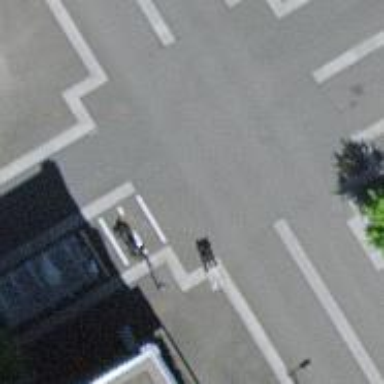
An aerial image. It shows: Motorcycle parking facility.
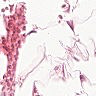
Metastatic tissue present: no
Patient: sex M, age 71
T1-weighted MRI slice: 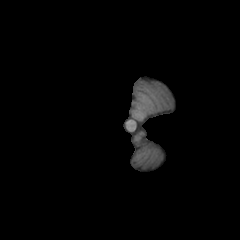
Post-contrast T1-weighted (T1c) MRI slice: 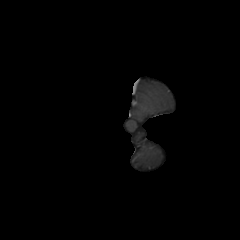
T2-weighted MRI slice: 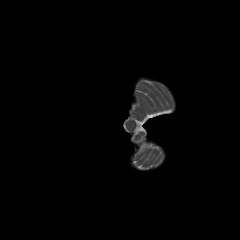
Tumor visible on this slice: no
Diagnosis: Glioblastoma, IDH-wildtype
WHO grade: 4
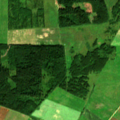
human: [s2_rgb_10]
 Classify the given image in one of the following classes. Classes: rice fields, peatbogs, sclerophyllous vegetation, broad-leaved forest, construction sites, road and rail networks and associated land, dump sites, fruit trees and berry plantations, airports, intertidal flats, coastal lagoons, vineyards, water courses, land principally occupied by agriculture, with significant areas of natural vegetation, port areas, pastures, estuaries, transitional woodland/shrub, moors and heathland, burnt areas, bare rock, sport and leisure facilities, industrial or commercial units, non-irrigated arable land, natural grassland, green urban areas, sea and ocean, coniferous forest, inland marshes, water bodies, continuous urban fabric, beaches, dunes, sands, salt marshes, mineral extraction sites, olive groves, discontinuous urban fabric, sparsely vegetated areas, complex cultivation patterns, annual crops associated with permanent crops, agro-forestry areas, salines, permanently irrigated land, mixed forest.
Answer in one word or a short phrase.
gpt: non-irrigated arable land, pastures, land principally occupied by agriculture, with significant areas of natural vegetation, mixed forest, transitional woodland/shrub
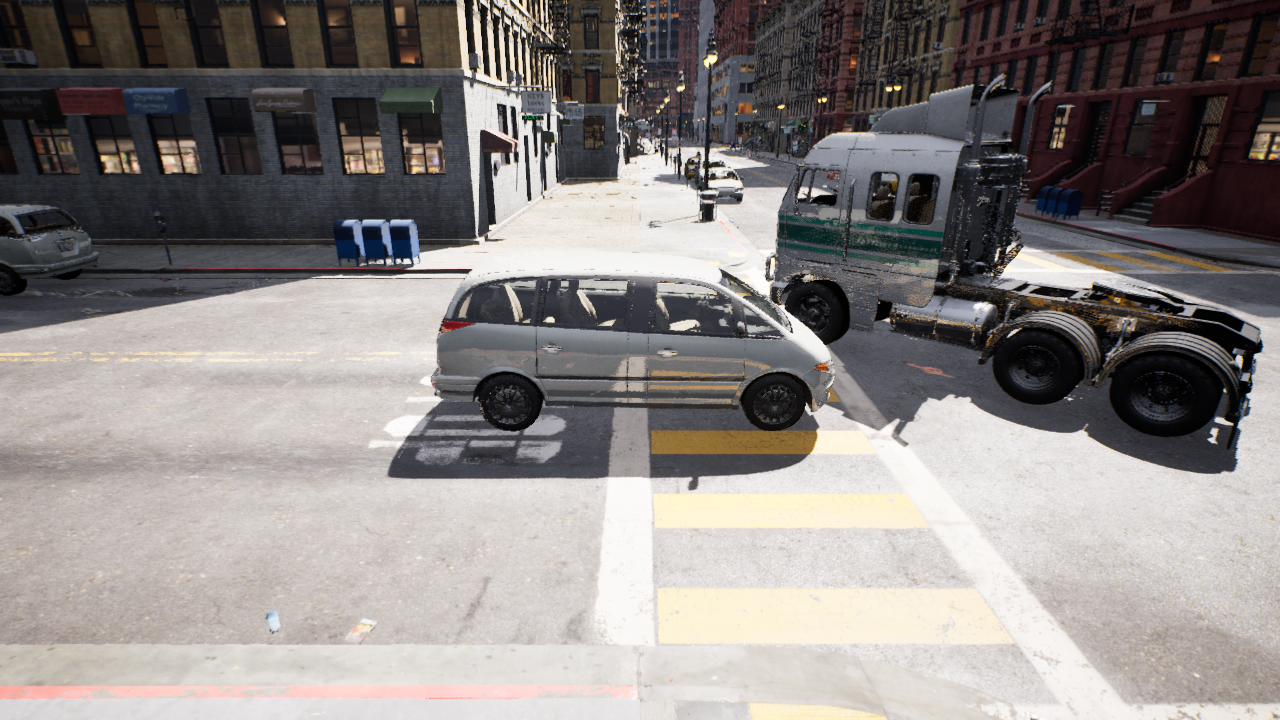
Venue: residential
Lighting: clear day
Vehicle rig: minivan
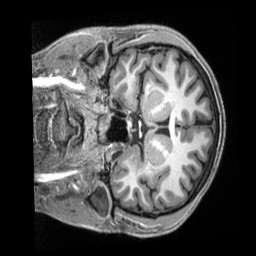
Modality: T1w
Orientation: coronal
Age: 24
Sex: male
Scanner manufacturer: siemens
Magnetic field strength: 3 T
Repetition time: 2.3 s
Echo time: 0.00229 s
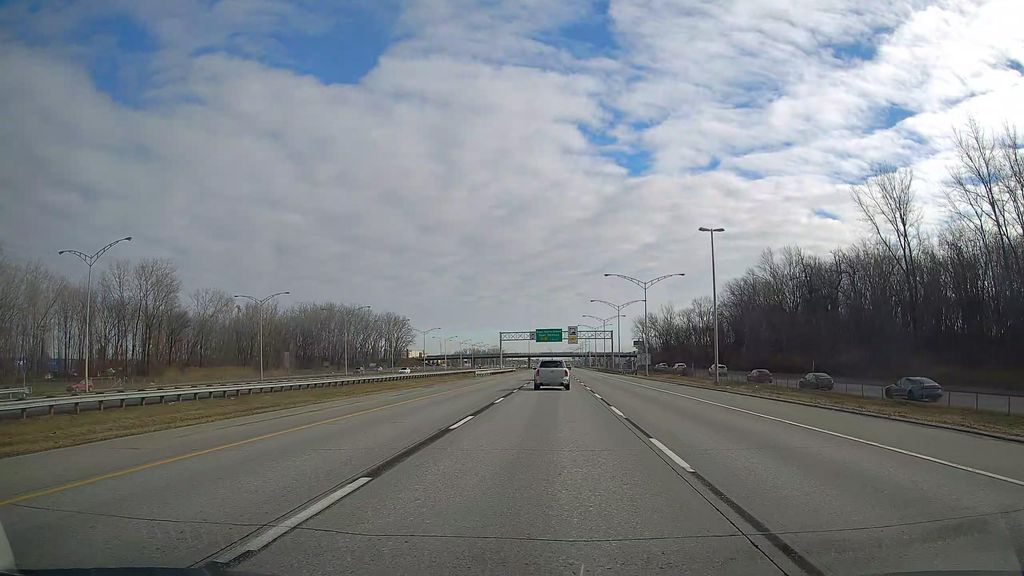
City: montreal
========
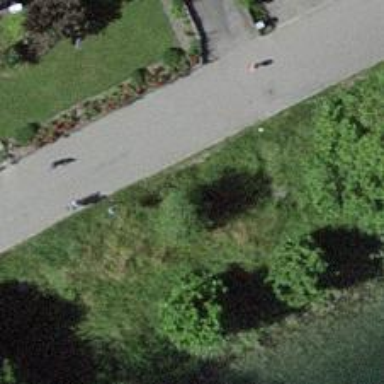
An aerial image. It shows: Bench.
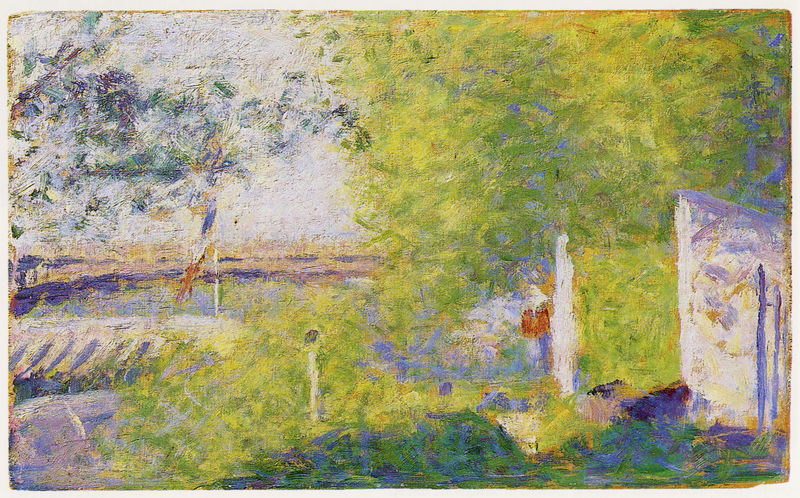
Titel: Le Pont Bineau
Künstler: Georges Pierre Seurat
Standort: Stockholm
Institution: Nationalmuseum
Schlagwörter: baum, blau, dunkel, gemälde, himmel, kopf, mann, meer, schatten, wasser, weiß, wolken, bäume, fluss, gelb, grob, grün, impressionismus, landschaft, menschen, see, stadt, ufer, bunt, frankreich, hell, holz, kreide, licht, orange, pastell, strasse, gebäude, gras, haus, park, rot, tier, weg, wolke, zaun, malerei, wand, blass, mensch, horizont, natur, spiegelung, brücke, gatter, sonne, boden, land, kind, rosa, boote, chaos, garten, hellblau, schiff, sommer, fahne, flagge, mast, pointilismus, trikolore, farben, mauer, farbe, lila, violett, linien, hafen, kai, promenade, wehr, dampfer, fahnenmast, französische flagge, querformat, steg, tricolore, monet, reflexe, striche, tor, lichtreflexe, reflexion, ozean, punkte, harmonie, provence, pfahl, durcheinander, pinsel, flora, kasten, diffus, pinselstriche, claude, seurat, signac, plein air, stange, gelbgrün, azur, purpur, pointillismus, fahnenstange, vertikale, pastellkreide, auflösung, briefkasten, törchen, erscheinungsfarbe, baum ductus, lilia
========
WHAT IS EXPECTED:
The material above holds pictures; leave them out and set down exactly the lines from the line with "Patient: sex M, age 71" to the line with "City: montreal", both included.

YOUR SOLUTION:
Patient: sex M, age 71
T1-weighted MRI slice: 
Post-contrast T1-weighted (T1c) MRI slice: 
T2-weighted MRI slice: 
Tumor visible on this slice: no
Diagnosis: Glioblastoma, IDH-wildtype
WHO grade: 4
human: [s2_rgb_10]
 Classify the given image in one of the following classes. Classes: rice fields, peatbogs, sclerophyllous vegetation, broad-leaved forest, construction sites, road and rail networks and associated land, dump sites, fruit trees and berry plantations, airports, intertidal flats, coastal lagoons, vineyards, water courses, land principally occupied by agriculture, with significant areas of natural vegetation, port areas, pastures, estuaries, transitional woodland/shrub, moors and heathland, burnt areas, bare rock, sport and leisure facilities, industrial or commercial units, non-irrigated arable land, natural grassland, green urban areas, sea and ocean, coniferous forest, inland marshes, water bodies, continuous urban fabric, beaches, dunes, sands, salt marshes, mineral extraction sites, olive groves, discontinuous urban fabric, sparsely vegetated areas, complex cultivation patterns, annual crops associated with permanent crops, agro-forestry areas, salines, permanently irrigated land, mixed forest.
Answer in one word or a short phrase.
gpt: non-irrigated arable land, pastures, land principally occupied by agriculture, with significant areas of natural vegetation, mixed forest, transitional woodland/shrub
Venue: residential
Lighting: clear day
Vehicle rig: minivan
Modality: T1w
Orientation: coronal
Age: 24
Sex: male
Scanner manufacturer: siemens
Magnetic field strength: 3 T
Repetition time: 2.3 s
Echo time: 0.00229 s
City: montreal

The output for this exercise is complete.